Is this Removal Tool the same as "uninstall norton internet security" which I can reach from my start menu > programmes?


----------



## valis (Sep 24, 2004)

Nope. It's a separate tool designed to completely remove norton. And even then it doesn't always work. Norton is known for it's far reaching capabilities.


----------



## Phantom010 (Mar 9, 2009)

If it doesn't work the first time, it's common practice to run it a second time.

However, if I were you, I would seriously consider a better, even free alternative. Norton is always a pain to remove and can cause a lot of grief when not properly uninstalled, especially with your Internet connection.


----------



## valis (Sep 24, 2004)

Indeed. I use AVG free on my XP box, MSE on my W7 box, and haven't used a pay-per AV for about 6 years now.


----------



## flavallee (May 12, 2002)

Download and save the Norton Removal Tool, as advised.

Close all open windows, including browser windows.

Double-click the saved tool to run it.

Allow it to remove everything that's associated with *Symantec* and *Norton* and *LiveUpdate*.

If all goes well, you'll be advised that the removal was successful.

Restart your computer.

Run the tool a second time.

Restart your computer again.

-------------------------------------------------------------


----------



## markfox (Jan 23, 2007)

Thanks, all. 
I suppose there's a kind of weird logic that a provider of security software makes it so hard to remove its own product.
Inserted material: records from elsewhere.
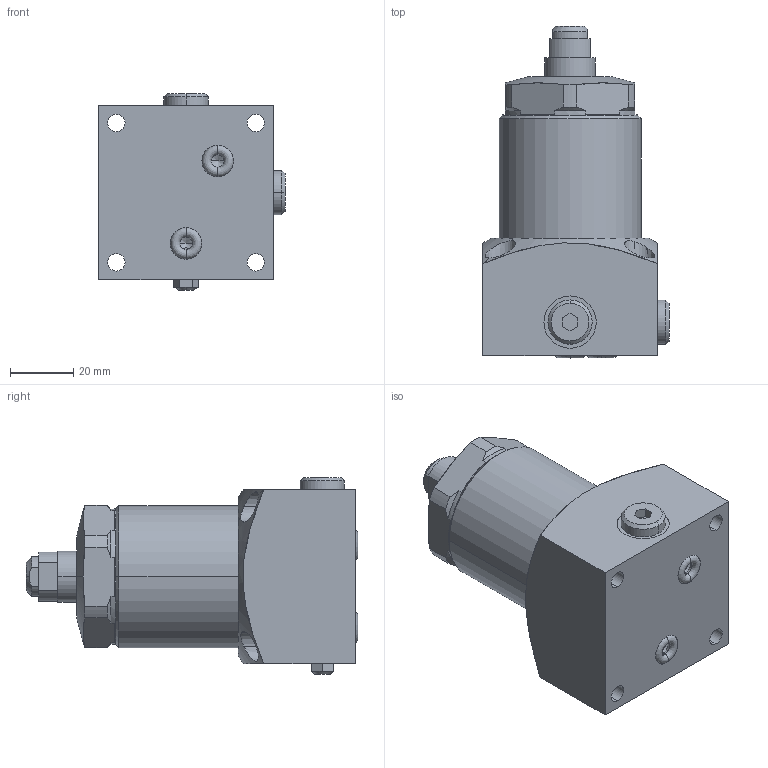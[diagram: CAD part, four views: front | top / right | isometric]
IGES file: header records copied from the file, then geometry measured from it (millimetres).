
Start section:  PTC IGES file: ilcml1051600h.igs
Global section: file name: ilcml1051600h.igs; native system: Creo Parametric by Parametric Technology Corporation; preprocessor: 2013320; author: twa; organization: Unknown; date: 20140716.102747; units: millimetre
Bounding box: 58.75 x 104.75 x 62.07 mm (x, y, z)
Surface area: 26328.2 mm2 (no closed solid volume)
Topology: 0 solids, 0 shells, 175 faces, 822 edges, 814 vertices
Faces by surface type: revolution 106, bspline 69

However, a separate removal tool really shouldn't be necessary, even though it apparently is.
In fact I am already committed to installing the new Norton 2011 Internet Security, so I will follow Flavallee's plan for removal, before running my new installation disk.
After the coming year I will be very tempted to use AVG free, Valis, since I have heard other good reports about it.
Thanks again everyone.
Mark


----------



## flavallee (May 12, 2002)

Mark:

Just for your information, there are special removal tools for *Symantec Norton* and *McAfee* because of all the "debris" a normal uninstall leaves behind.
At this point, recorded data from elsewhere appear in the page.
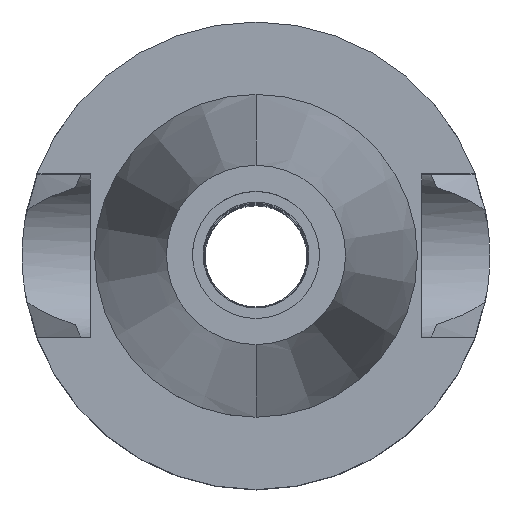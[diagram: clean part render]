
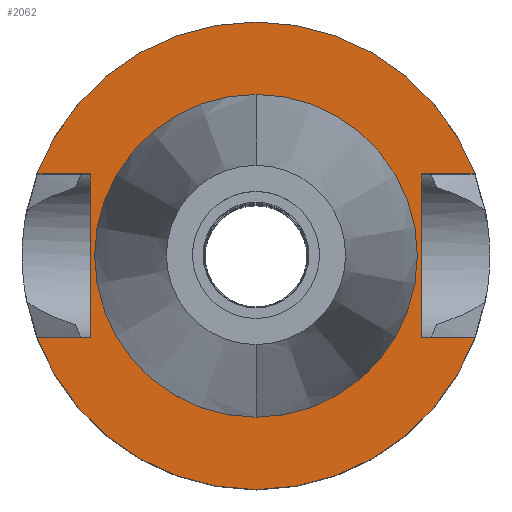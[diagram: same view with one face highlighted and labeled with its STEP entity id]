
A CAD part, top view. The second image highlights one B-rep face of the part: STEP entity #2062.
In plain terms, the highlighted planar face has unit normal (0, 0, 1).
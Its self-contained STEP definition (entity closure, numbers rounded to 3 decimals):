
#846=DIRECTION('',(1.,0.,0.));
#847=VECTOR('',#846,5.245);
#848=CARTESIAN_POINT('',(-21.545,8.05,-1.));
#849=LINE('',#848,#847);
#907=DIRECTION('',(0.,1.,0.));
#908=VECTOR('',#907,16.1);
#909=CARTESIAN_POINT('',(-16.3,-8.05,-1.));
#910=LINE('',#909,#908);
#914=CARTESIAN_POINT('',(0.,0.,-1.));
#915=DIRECTION('',(0.,0.,-1.));
#916=DIRECTION('',(-0.937,0.35,0.));
#917=AXIS2_PLACEMENT_3D('',#914,#915,#916);
#922=CARTESIAN_POINT('',(0.,0.,-1.));
#923=DIRECTION('',(0.,0.,-1.));
#924=DIRECTION('',(0.,1.,0.));
#925=AXIS2_PLACEMENT_3D('',#922,#923,#924);
#930=DIRECTION('',(-1.,0.,0.));
#931=VECTOR('',#930,5.245);
#932=CARTESIAN_POINT('',(21.545,8.05,-1.));
#933=LINE('',#932,#931);
#937=DIRECTION('',(0.,-1.,0.));
#938=VECTOR('',#937,16.1);
#939=CARTESIAN_POINT('',(16.3,8.05,-1.));
#940=LINE('',#939,#938);
#944=CARTESIAN_POINT('',(0.,0.,-1.));
#945=DIRECTION('',(0.,0.,-1.));
#946=DIRECTION('',(0.937,-0.35,0.));
#947=AXIS2_PLACEMENT_3D('',#944,#945,#946);
#952=CARTESIAN_POINT('',(0.,0.,-1.));
#953=DIRECTION('',(0.,0.,-1.));
#954=DIRECTION('',(0.,-1.,0.));
#955=AXIS2_PLACEMENT_3D('',#952,#953,#954);
#960=DIRECTION('',(1.,0.,0.));
#961=VECTOR('',#960,5.245);
#962=CARTESIAN_POINT('',(-21.545,-8.05,-1.));
#963=LINE('',#962,#961);
#967=CARTESIAN_POINT('',(0.,0.,-1.));
#968=DIRECTION('',(0.,0.,1.));
#969=DIRECTION('',(0.,-1.,0.));
#970=AXIS2_PLACEMENT_3D('',#967,#968,#969);
#975=CARTESIAN_POINT('',(0.,0.,-1.));
#976=DIRECTION('',(0.,0.,1.));
#977=DIRECTION('',(0.,1.,0.));
#978=AXIS2_PLACEMENT_3D('',#975,#976,#977);
#1099=DIRECTION('',(-1.,0.,0.));
#1100=VECTOR('',#1099,5.245);
#1101=CARTESIAN_POINT('',(21.545,-8.05,-1.));
#1102=LINE('',#1101,#1100);
#1284=CARTESIAN_POINT('',(-16.3,-8.05,-1.));
#1285=VERTEX_POINT('',#1284);
#1286=CARTESIAN_POINT('',(-21.545,-8.05,-1.));
#1287=VERTEX_POINT('',#1286);
#1288=CARTESIAN_POINT('',(-16.3,8.05,-1.));
#1289=VERTEX_POINT('',#1288);
#1290=CARTESIAN_POINT('',(-21.545,8.05,-1.));
#1291=VERTEX_POINT('',#1290);
#1292=CARTESIAN_POINT('',(0.,23.,-1.));
#1293=CARTESIAN_POINT('',(21.545,8.05,-1.));
#1294=VERTEX_POINT('',#1292);
#1295=VERTEX_POINT('',#1293);
#1296=CARTESIAN_POINT('',(16.3,8.05,-1.));
#1297=VERTEX_POINT('',#1296);
#1298=CARTESIAN_POINT('',(16.3,-8.05,-1.));
#1299=VERTEX_POINT('',#1298);
#1300=CARTESIAN_POINT('',(21.545,-8.05,-1.));
#1301=VERTEX_POINT('',#1300);
#1302=CARTESIAN_POINT('',(0.,-23.,-1.));
#1303=VERTEX_POINT('',#1302);
#1304=CARTESIAN_POINT('',(0.,-15.875,-1.));
#1305=CARTESIAN_POINT('',(0.,15.875,-1.));
#1306=VERTEX_POINT('',#1304);
#1307=VERTEX_POINT('',#1305);
#2034=CARTESIAN_POINT('',(0.,0.,-1.));
#2035=DIRECTION('',(0.,0.,-1.));
#2036=DIRECTION('',(0.,-1.,0.));
#2037=AXIS2_PLACEMENT_3D('',#2034,#2035,#2036);
#2038=PLANE('',#2037);
#2040=ORIENTED_EDGE('',*,*,#2039,.T.);
#2041=ORIENTED_EDGE('',*,*,#1979,.F.);
#2042=ORIENTED_EDGE('',*,*,#1999,.T.);
#2043=ORIENTED_EDGE('',*,*,#1997,.T.);
#2044=ORIENTED_EDGE('',*,*,#2013,.T.);
#2045=ORIENTED_EDGE('',*,*,#2024,.T.);
#2047=ORIENTED_EDGE('',*,*,#2046,.F.);
#2049=ORIENTED_EDGE('',*,*,#2048,.T.);
#2051=ORIENTED_EDGE('',*,*,#2050,.T.);
#2053=ORIENTED_EDGE('',*,*,#2052,.T.);
#2054=EDGE_LOOP('',(#2040,#2041,#2042,#2043,#2044,#2045,#2047,#2049,#2051,
#2053));
#2055=FACE_OUTER_BOUND('',#2054,.F.);
#2057=ORIENTED_EDGE('',*,*,#2056,.T.);
#2059=ORIENTED_EDGE('',*,*,#2058,.T.);
#2060=EDGE_LOOP('',(#2057,#2059));
#2061=FACE_BOUND('',#2060,.F.);
#918=CIRCLE('',#917,23.);
#926=CIRCLE('',#925,23.);
#948=CIRCLE('',#947,23.);
#956=CIRCLE('',#955,23.);
#971=CIRCLE('',#970,15.875);
#979=CIRCLE('',#978,15.875);
#1979=EDGE_CURVE('',#1291,#1289,#849,.T.);
#1997=EDGE_CURVE('',#1294,#1295,#926,.T.);
#1999=EDGE_CURVE('',#1291,#1294,#918,.T.);
#2013=EDGE_CURVE('',#1295,#1297,#933,.T.);
#2024=EDGE_CURVE('',#1297,#1299,#940,.T.);
#2039=EDGE_CURVE('',#1285,#1289,#910,.T.);
#2046=EDGE_CURVE('',#1301,#1299,#1102,.T.);
#2048=EDGE_CURVE('',#1301,#1303,#948,.T.);
#2050=EDGE_CURVE('',#1303,#1287,#956,.T.);
#2052=EDGE_CURVE('',#1287,#1285,#963,.T.);
#2056=EDGE_CURVE('',#1306,#1307,#971,.T.);
#2058=EDGE_CURVE('',#1307,#1306,#979,.T.);
#2062=ADVANCED_FACE('',(#2055,#2061),#2038,.F.);

The removal tool is also handy when they resist being uninstalled the normal way.

----------------------------------------------------------------

Personally, I wouldn't renew my subscription to *Norton Internet Security 2011*, but that's your choice.

---------------------------------------------------------------


----------



## markfox (Jan 23, 2007)

Thanks very much, Flavallee.

We learn all the time!

I'll only come back if I have a problem with the removal / new disk installation. Otherwise thanks to all, and we can consider the matter closed.

Mark


----------